Rock persona non grata
Impossível não citar a apresentação de Paul McCartney em Salvador em outubro último, tranquilamente o mais importante, impactante e emocionante show internacional já ocorrido nesta província.
Em termos gerais, enquanto o rock continua praticamente persona non grata na grande mídia (excetuando-se medalhões, claro), é preciso dizer que no underground ele segue firme e forte – no Brasil menos, mundo afora bem mais.
Entre os grandes lançamentos do ano, Chuck, o testamento do pioneiro Chuck Berry, lançado três meses depois de sua morte em março, é presença certa entre os melhores.

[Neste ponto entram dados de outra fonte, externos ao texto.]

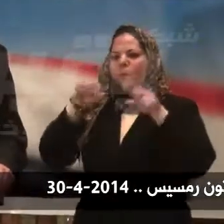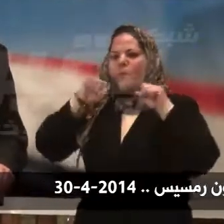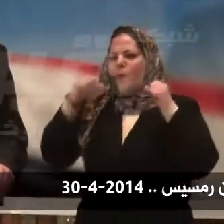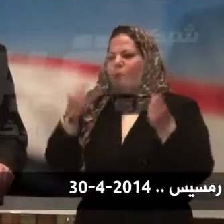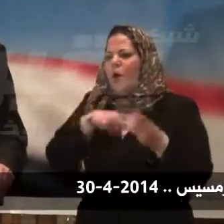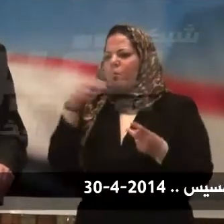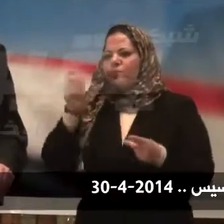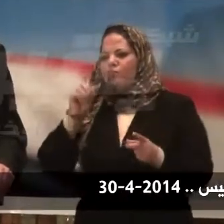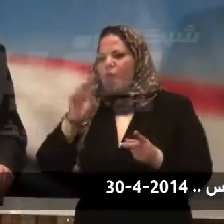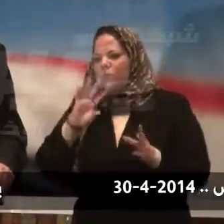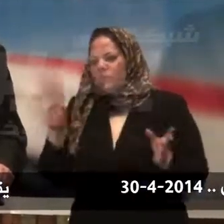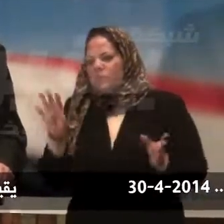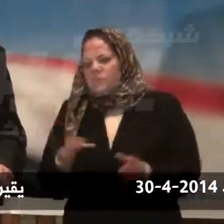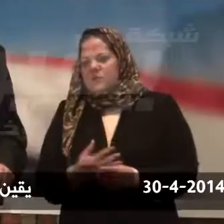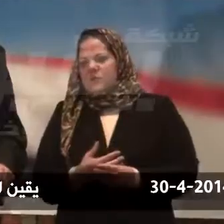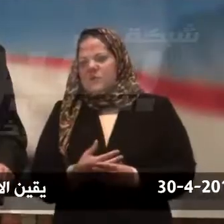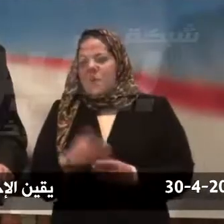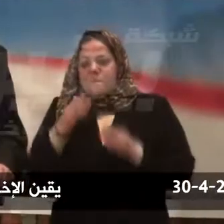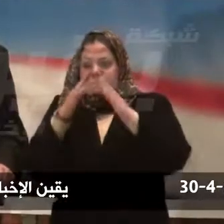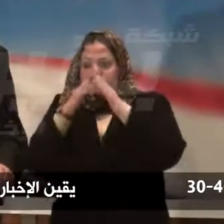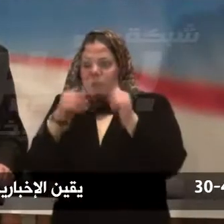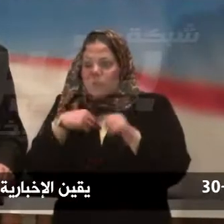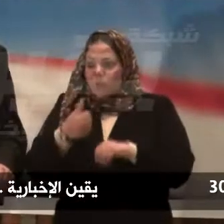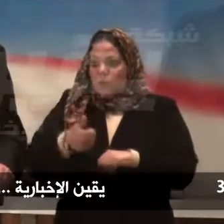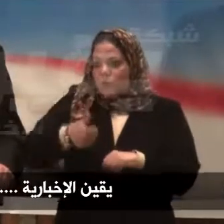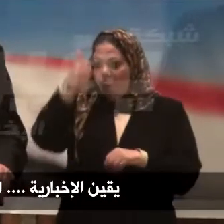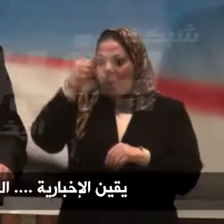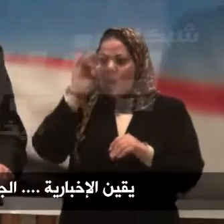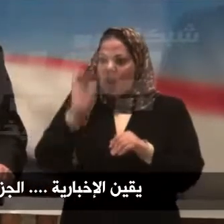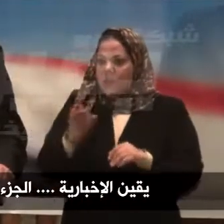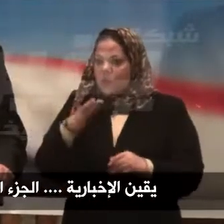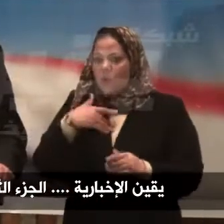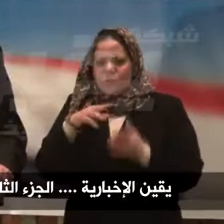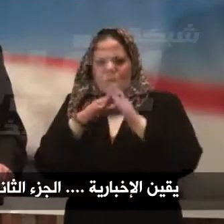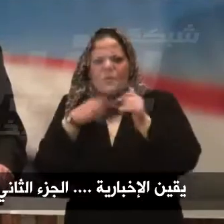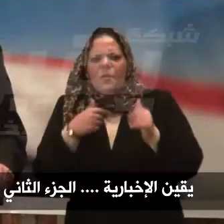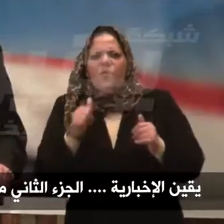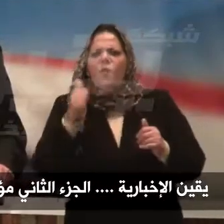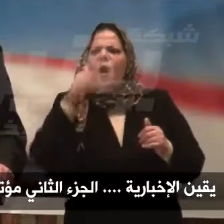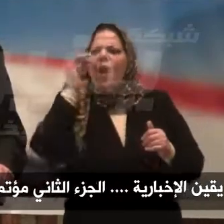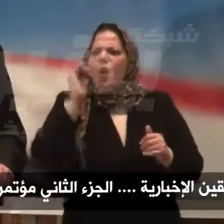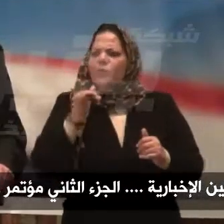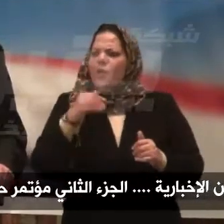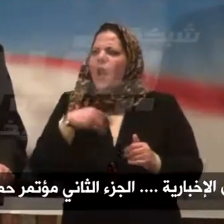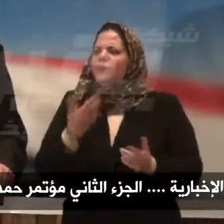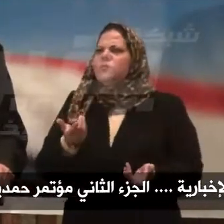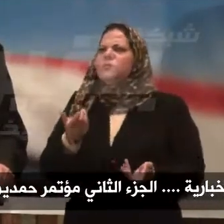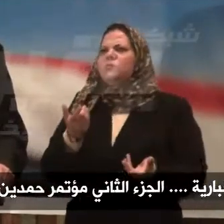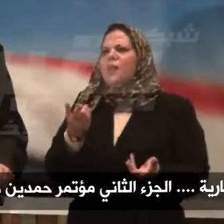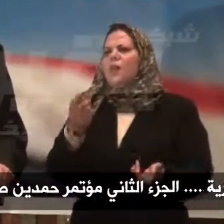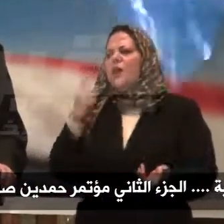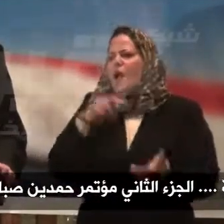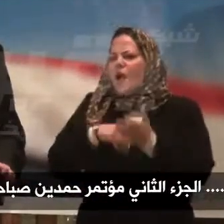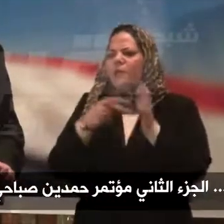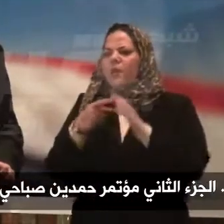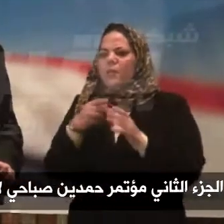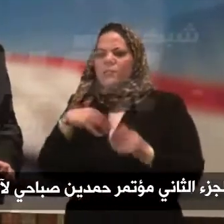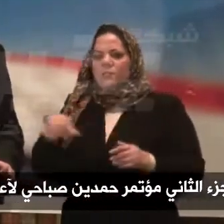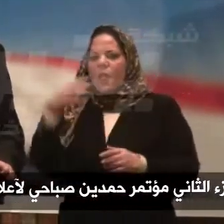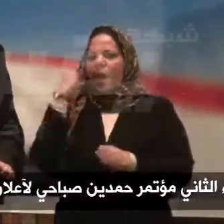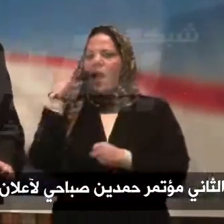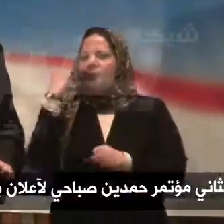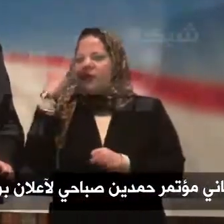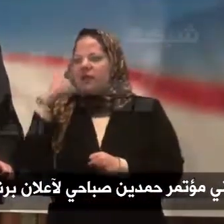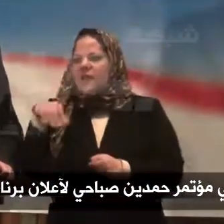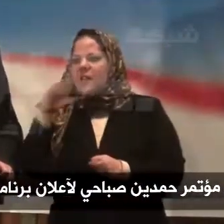عشان نصلح اجهزة الدولة المصرية محتاجين ان نمكنها

Outros grandes lançamentos foram Is This the Life We Really Want?, de Roger Waters (em outubro na Arena Fonte Nova), Villains, do Queens of the Stone Age, Machine Messiah, do Sepultura, Colors, do Beck, Rough Times, dos alemães do Kadavar, Gargoyle, do Mark Lanegan Band, Emperor Of Sand, do Mastodon, Every Country's Sun, do Mogwai, Orc, do Oh Sees, In Spades, do The Afghan Whigs, Sky is Mine, do The Duke Spirit, V, do The Horrors, Spitting Image, do The Strypes e A Deeper Understanding, do The War on Drugs.
Voltas importantes fizeram as bandas inglesas The Jesus And Mary Chain (com Damage And Joy) e Ride (com Weather Diaries).
O ex-Smiths Morrissey marcou presença com Low in High School e o U2 fechou o ano, com Songs of Experience.
Mas se você está com raiva mesmo, Pussycat, de Juliana Hatfield, é O Disco de 2017.